I don't think the new Realms planes are either necessary or terrible. Ed retrofitted that planar structure into the Realms when he adapted the setting into D&D in the 1970s, and he wrote the seminal Nine Hells articles and came up with other now-standard 'Great Wheel' (a Planescape neologism) lore. But the argument that the law-chaos and good-evil grid, and the names of the Outer Planes, aren't a good match with the Realms gods and pantheons is certainly true. I can't get upset about it either way because -- and this is Ed's position too -- the published descriptions of the planes are partial, unreliable maps of infinite realms that should be mysterious to players. The planar connections described by the two cosmologies can easily both be true, or largely true.

The myriad links between worlds, on the other hand, are a basic pillar of the Forgotten Realms, giving rise to their very name, and trying to negate that idea is a brutal compromising of the setting.

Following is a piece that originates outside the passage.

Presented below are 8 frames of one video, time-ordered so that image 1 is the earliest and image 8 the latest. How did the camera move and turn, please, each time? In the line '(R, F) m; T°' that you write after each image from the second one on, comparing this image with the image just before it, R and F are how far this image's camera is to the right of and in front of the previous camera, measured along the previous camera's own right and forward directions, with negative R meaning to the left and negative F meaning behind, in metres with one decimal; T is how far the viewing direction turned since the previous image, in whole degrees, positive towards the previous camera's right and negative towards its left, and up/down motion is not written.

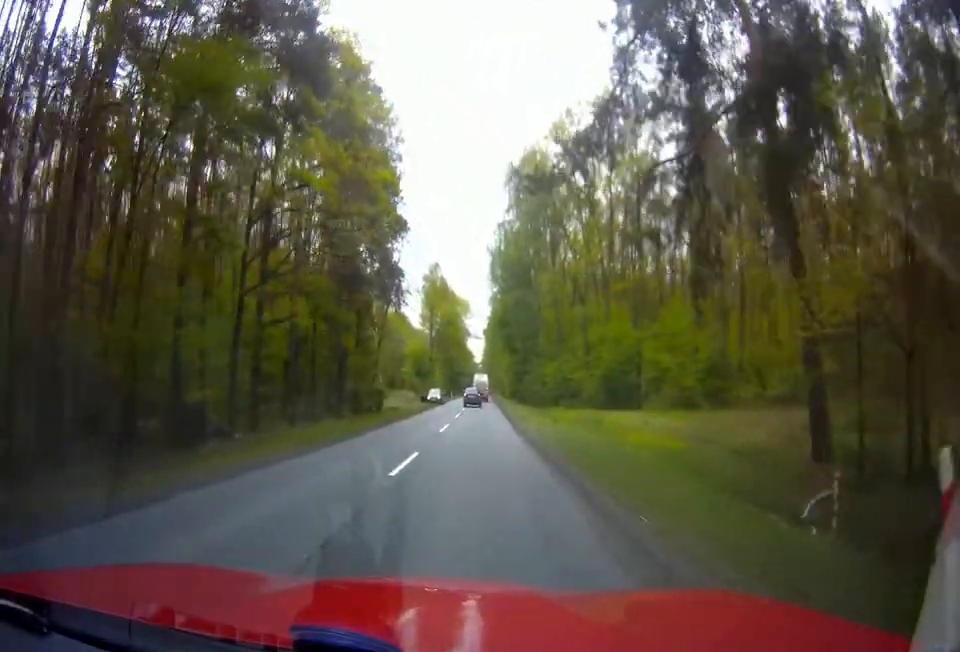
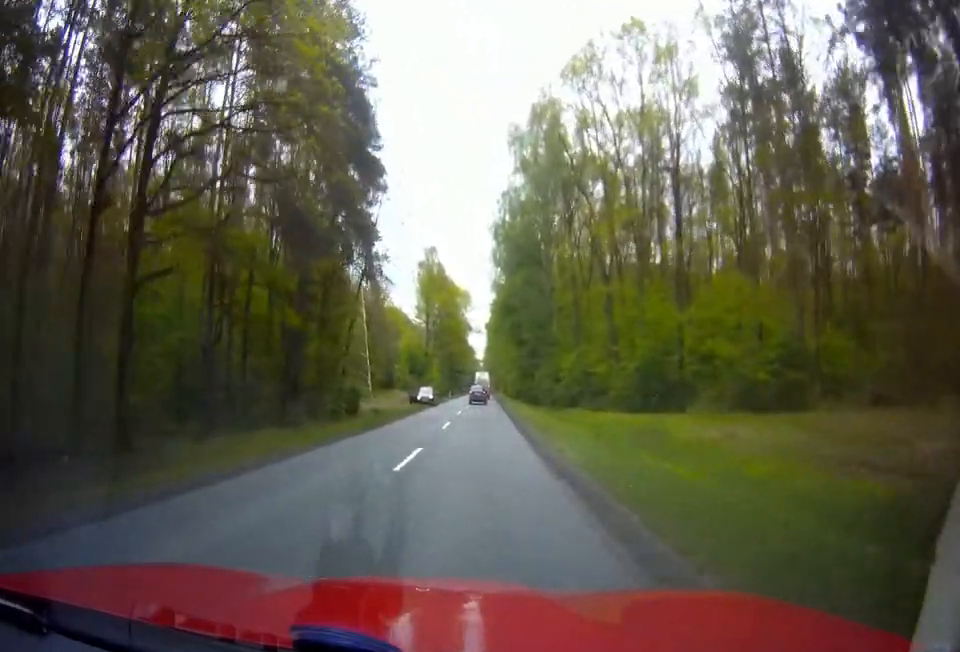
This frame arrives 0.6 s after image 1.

I don't at all agree that locking down exhaustive minutiae of planar geography and mechanics is easier for new DMs. Some people like such definition, others are happier making it up, and we don't need to pretend only one of these categories exists.

Of course this thread opens big questions about creator authority and legal ownership, and how later developers should go about contributing to existing milieux, different kinds of fidelity, etc. etc.
 

barsoomcore said:
Someone could argue that including sorcerers in Dark Sun was indeed a "direct port". You might think they're wrong, but we're back to "It would be nice if they did it my way," again.
The thing about sorcerers, specifically, is wrong. In Dark Sun, arcane magic just doesn't naturally come to people. They have to work at learning it. Heck, it took a lot of work inventing it in the first place, and if there were natural mages around (that is, sorcerers) that wouldn't have been necessary.

So the sorcerer thing in Dark Sun isn't just "There never were any before" (like in FR), it's "this goes against the setting's actual history."
 

Staffan said:
The thing about sorcerers, specifically, is wrong. In Dark Sun, arcane magic just doesn't naturally come to people. They have to work at learning it. Heck, it took a lot of work inventing it in the first place, and if there were natural mages around (that is, sorcerers) that wouldn't have been necessary.

So the sorcerer thing in Dark Sun isn't just "There never were any before" (like in FR), it's "this goes against the setting's actual history."

And so we come down to one of the golden rules of roleplaying: Don't like something? Don't use it.

And even if you are one of the folks who feels that *everything* official that is written must be in your setting, then--as DM--make something up to explain their appearance. Creative DMs should be able to do an off-the-cuff explanation easy. And if you're not the DM, why in the heck would you even worry about such a thing?!

Apply this post to the topic at hand, stir briskly, and chill.

(Not picking on you in particular here, Staffan. Just using your view as a generalization for other such arguments.)